An alternative scoring method—the Diagnostic Rating System (DRS)—was developed to standardize the scoring processes used by raters. With this method, the rubric developers’ intended scoring processes are made explicit, requiring raters to respond to a series of nested, logic-based, selected-response statements resembling a decision tree. Accordingly, scoring via the DRS may standardize raters’ scoring processes and mitigate scoring subjectivity. The DRS was adminsitered via an online survey system to assure raters were only exposed to relevant statements corresponding to their previous responses to the branching network of nested statements.

The purpose of the current study is twofold. The first purpose is to determine whether raters scoring essays via the DRS method are scoring the essays as intended by the rubric developers. The second purpose is to determine whether raters scoring essays via the traditional rubric use the same cognitive scoring processes as raters scoring essays via the DRS. Recall, application of the rubric in a manner not in alignment with the intended application of the rubric may not support the intended interpretation of scores.

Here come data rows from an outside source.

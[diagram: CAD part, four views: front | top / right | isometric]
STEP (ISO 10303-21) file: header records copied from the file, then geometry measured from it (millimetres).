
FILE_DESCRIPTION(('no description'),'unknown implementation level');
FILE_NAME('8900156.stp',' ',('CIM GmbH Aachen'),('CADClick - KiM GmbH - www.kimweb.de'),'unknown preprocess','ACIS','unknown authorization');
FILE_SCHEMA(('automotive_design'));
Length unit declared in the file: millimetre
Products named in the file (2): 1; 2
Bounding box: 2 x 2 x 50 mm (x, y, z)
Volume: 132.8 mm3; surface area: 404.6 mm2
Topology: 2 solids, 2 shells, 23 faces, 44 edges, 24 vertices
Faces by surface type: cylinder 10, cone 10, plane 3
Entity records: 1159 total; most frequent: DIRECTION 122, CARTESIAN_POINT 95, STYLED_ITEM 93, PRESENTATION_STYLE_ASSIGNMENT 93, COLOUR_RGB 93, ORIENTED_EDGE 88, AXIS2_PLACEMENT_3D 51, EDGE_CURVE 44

Data were collected from a mid-Atlantic public university. Examinees were asked to compose an essay regarding a personal ethical dilemma using the 8 Key Question ethical reasoning framework. Independent groups of raters scored the essays using the traditional rubric or the DRS. To determine if raters scored essays as intended using both the traditional rubric and the DRS, an item response theory model with a tree-like structure (i.e., IRTree) was specified. The IRTree was specified to depict the raters’ hypothesized decision-making processes made explicit by the DRS. The decision-making process is modeled as a series of sub-processes (decisions) represented by internal nodes that either branch to other internal node(s) or to a terminal node (rating). Given adequate model-data fit, the IRTree model should elucidate whether the raters’ scoring processes adhere to the rubric developer’s intention. Preliminary analysis suggests raters using the DRS are better able to rate analytically, as intended, rather than being influenced by the holistic quality of the essay. Given the validity of inferences made from performance assessment scores is dependent on use of rubrics in a consistent and intended manner, the DRS may be a viable alternative to traditional rubric scoring.